(Stored entries)
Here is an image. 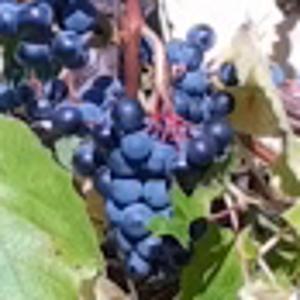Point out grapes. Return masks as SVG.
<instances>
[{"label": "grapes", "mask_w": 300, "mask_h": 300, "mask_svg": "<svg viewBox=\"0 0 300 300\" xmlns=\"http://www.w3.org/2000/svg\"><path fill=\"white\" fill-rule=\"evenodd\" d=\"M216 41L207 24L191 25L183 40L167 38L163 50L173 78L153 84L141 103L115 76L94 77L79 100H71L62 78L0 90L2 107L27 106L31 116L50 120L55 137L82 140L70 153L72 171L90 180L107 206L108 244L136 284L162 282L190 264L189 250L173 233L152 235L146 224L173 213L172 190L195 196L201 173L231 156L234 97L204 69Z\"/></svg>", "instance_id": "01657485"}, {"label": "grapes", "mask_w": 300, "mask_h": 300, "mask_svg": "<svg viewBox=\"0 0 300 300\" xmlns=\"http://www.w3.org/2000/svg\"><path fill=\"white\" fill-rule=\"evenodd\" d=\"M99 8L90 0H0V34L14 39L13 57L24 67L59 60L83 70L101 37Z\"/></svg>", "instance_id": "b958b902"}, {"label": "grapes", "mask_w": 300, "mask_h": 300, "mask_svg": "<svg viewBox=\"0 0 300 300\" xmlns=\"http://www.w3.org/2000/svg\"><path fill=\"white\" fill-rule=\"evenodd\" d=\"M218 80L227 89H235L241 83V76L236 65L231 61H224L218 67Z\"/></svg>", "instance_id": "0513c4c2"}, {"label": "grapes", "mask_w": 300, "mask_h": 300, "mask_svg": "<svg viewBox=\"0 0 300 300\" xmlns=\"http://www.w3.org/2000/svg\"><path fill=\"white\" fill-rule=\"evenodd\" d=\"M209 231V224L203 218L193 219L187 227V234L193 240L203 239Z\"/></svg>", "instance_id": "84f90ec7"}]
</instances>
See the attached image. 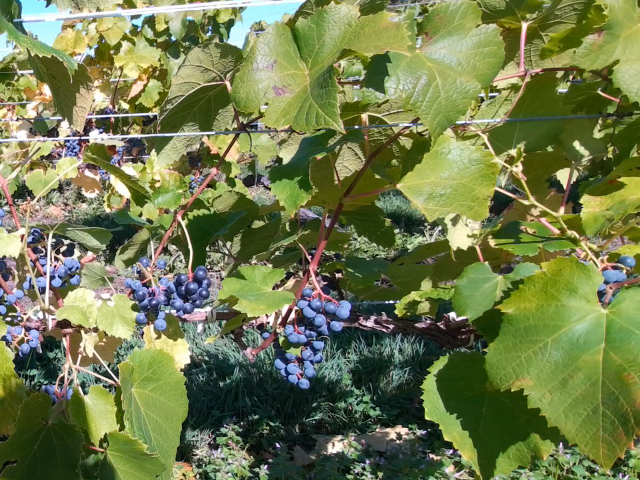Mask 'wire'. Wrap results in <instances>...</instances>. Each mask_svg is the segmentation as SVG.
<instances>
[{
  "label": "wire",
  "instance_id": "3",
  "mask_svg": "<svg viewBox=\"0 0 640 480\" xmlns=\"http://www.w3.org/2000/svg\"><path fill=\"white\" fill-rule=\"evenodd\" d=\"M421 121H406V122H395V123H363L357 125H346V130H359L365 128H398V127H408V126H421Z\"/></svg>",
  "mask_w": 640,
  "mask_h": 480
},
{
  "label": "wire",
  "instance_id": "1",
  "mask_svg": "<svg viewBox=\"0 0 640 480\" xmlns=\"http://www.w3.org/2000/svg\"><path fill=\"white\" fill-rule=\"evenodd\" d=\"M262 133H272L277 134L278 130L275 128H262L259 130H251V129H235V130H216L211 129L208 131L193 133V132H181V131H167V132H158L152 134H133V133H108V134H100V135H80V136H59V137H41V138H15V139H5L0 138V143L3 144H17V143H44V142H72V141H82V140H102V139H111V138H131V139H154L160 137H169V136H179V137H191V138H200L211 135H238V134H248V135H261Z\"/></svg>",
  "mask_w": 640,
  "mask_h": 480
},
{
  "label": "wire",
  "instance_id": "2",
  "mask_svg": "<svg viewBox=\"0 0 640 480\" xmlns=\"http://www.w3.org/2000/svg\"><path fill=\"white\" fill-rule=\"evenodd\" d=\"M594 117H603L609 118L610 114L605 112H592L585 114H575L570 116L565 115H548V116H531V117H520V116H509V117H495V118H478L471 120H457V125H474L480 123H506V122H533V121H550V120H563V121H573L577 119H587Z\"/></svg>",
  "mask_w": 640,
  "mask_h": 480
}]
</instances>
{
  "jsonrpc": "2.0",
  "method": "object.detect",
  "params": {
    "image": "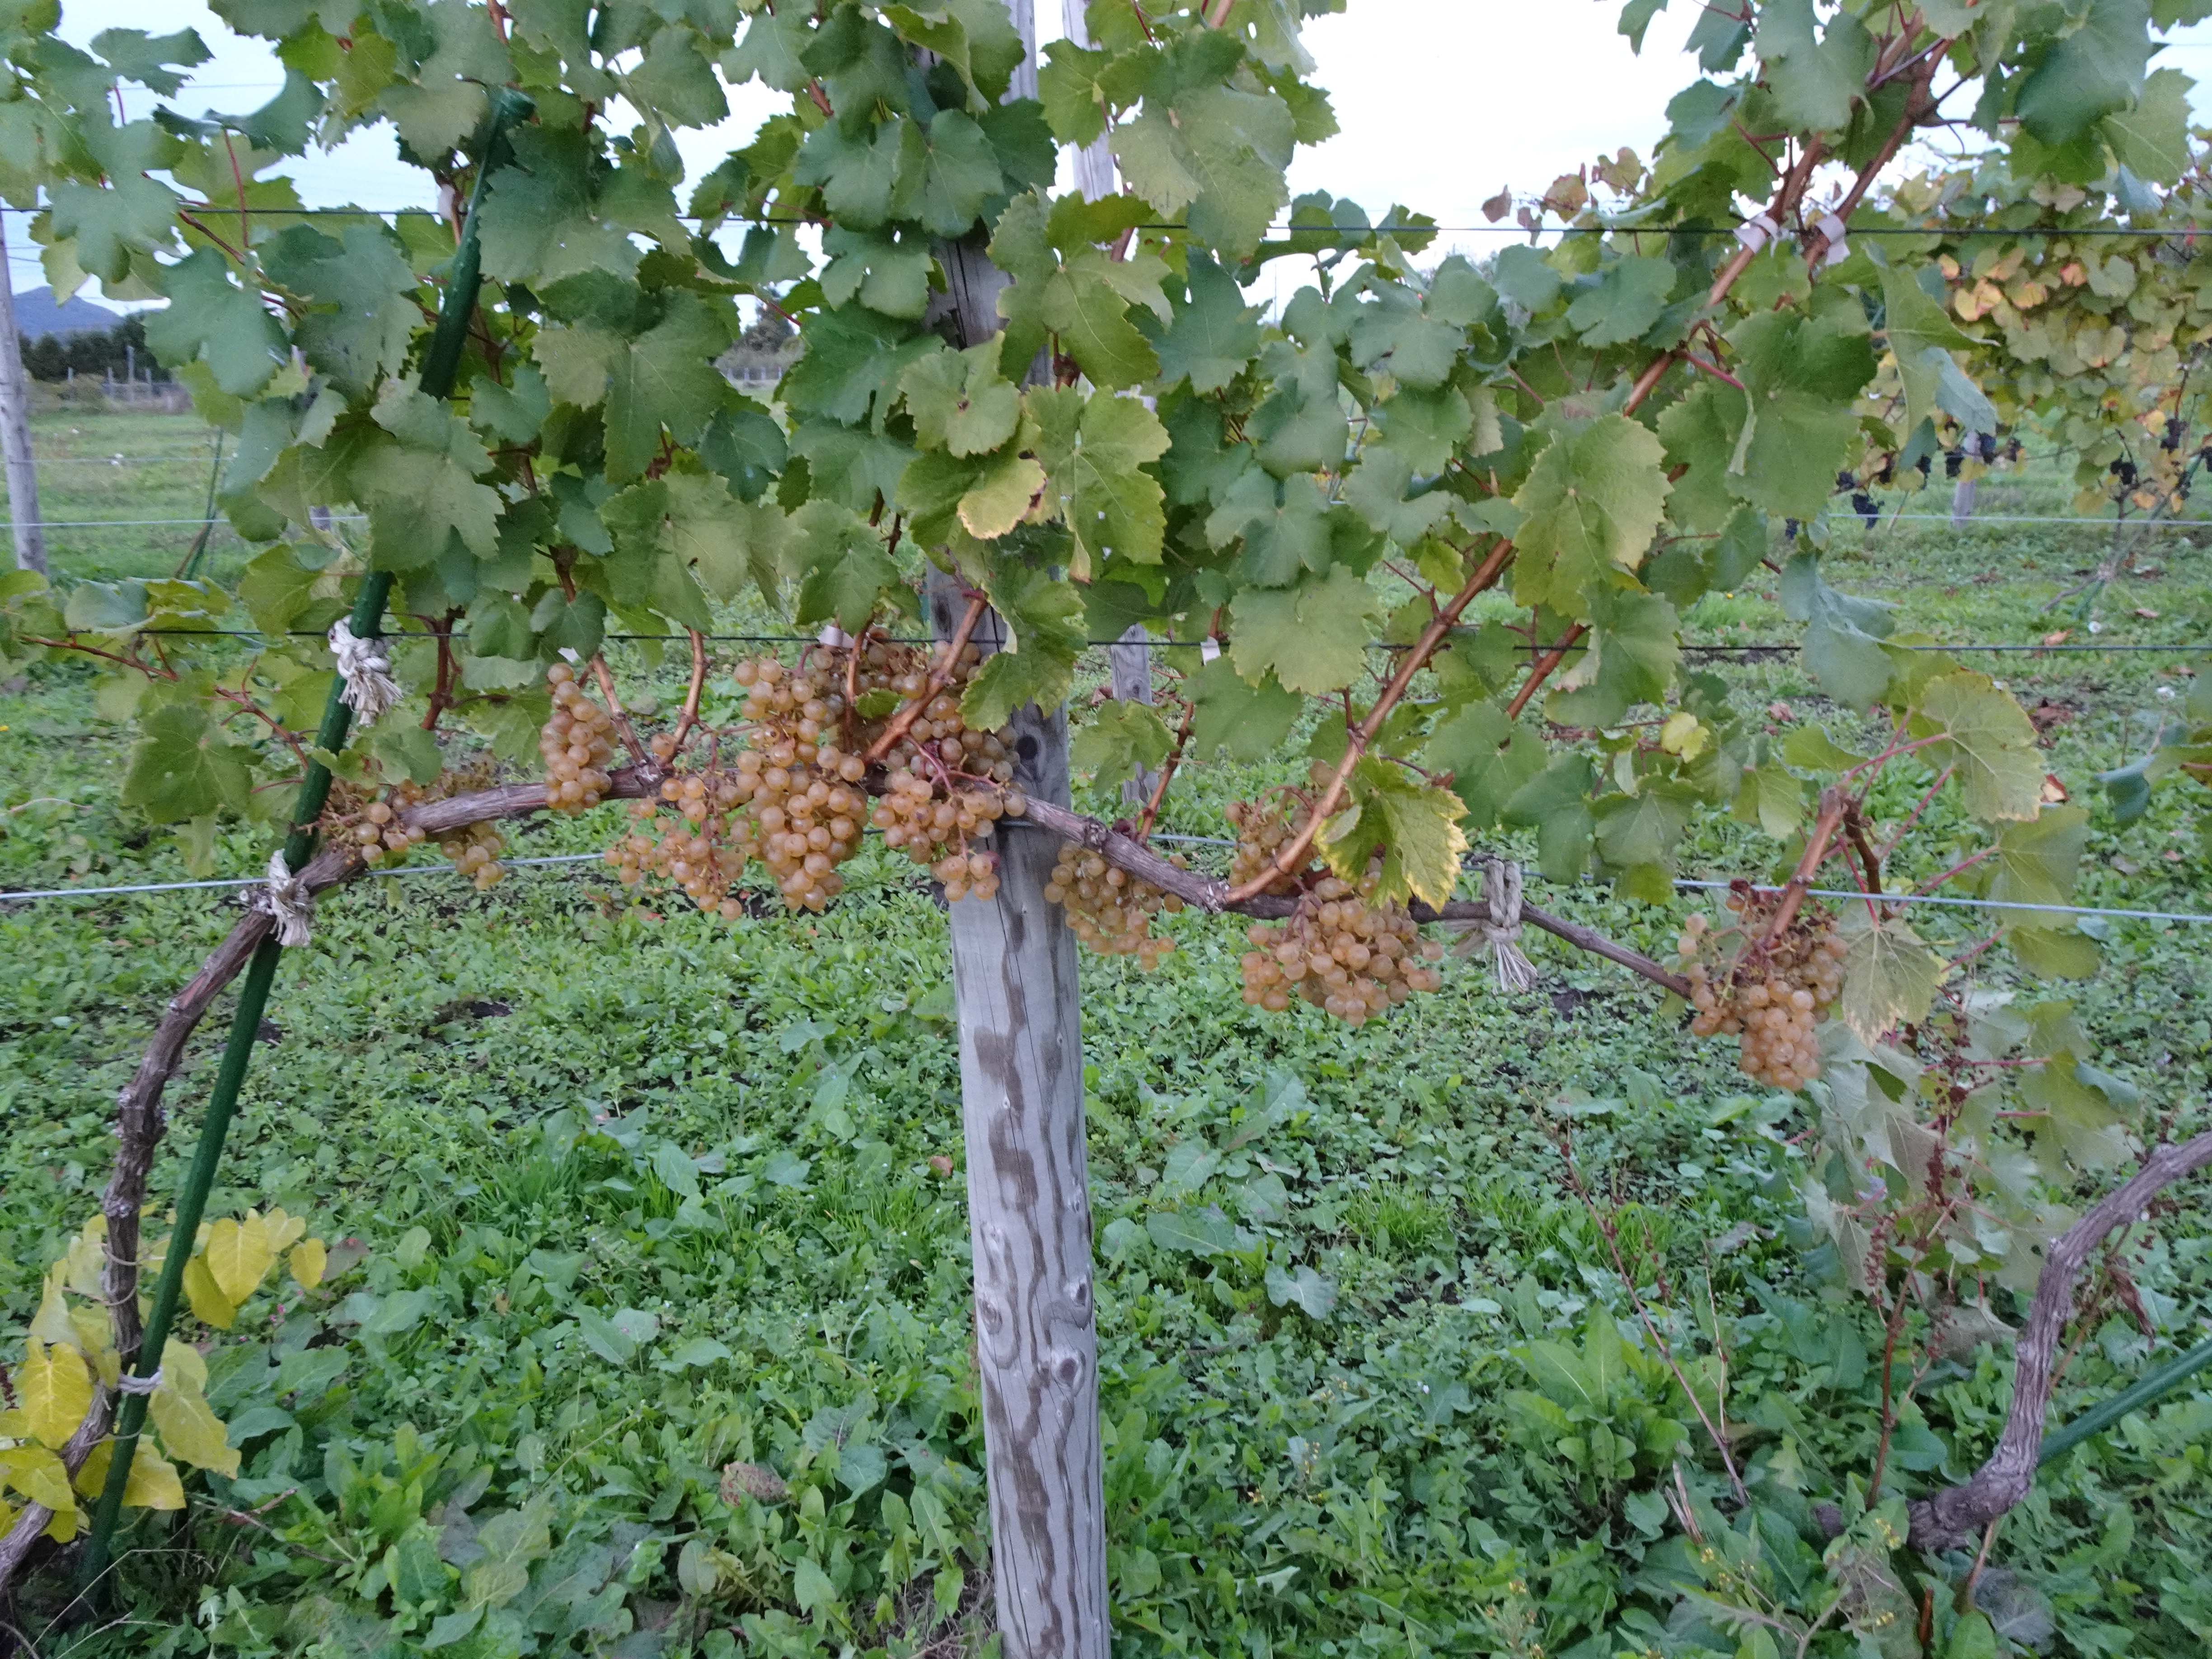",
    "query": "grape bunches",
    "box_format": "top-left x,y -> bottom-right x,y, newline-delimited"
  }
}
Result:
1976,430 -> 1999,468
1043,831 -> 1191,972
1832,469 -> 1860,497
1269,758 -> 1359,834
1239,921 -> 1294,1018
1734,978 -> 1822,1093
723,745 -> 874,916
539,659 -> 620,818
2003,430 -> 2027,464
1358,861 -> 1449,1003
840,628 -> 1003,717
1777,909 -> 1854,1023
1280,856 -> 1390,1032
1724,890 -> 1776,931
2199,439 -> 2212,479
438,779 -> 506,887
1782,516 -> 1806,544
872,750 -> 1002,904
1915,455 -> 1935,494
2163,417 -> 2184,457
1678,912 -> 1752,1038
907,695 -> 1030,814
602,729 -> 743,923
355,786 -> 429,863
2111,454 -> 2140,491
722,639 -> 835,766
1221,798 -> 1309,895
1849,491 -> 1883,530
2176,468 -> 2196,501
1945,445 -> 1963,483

Your instructions: Print from the line containing "x,y -> bottom-right" to the last line above, exactly as written.

Written response:
    "box_format": "top-left x,y -> bottom-right x,y, newline-delimited"
  }
}
Result:
1976,430 -> 1999,468
1043,831 -> 1191,972
1832,469 -> 1860,497
1269,758 -> 1359,834
1239,921 -> 1294,1018
1734,978 -> 1822,1093
723,745 -> 874,916
539,659 -> 620,818
2003,430 -> 2027,464
1358,861 -> 1449,1003
840,628 -> 1003,717
1777,909 -> 1854,1023
1280,856 -> 1390,1032
1724,890 -> 1776,931
2199,439 -> 2212,479
438,779 -> 506,887
1782,516 -> 1806,544
872,750 -> 1002,904
1915,455 -> 1935,494
2163,417 -> 2184,457
1678,912 -> 1752,1038
907,695 -> 1030,814
602,729 -> 743,923
355,786 -> 429,863
2111,454 -> 2140,491
722,639 -> 835,766
1221,798 -> 1309,895
1849,491 -> 1883,530
2176,468 -> 2196,501
1945,445 -> 1963,483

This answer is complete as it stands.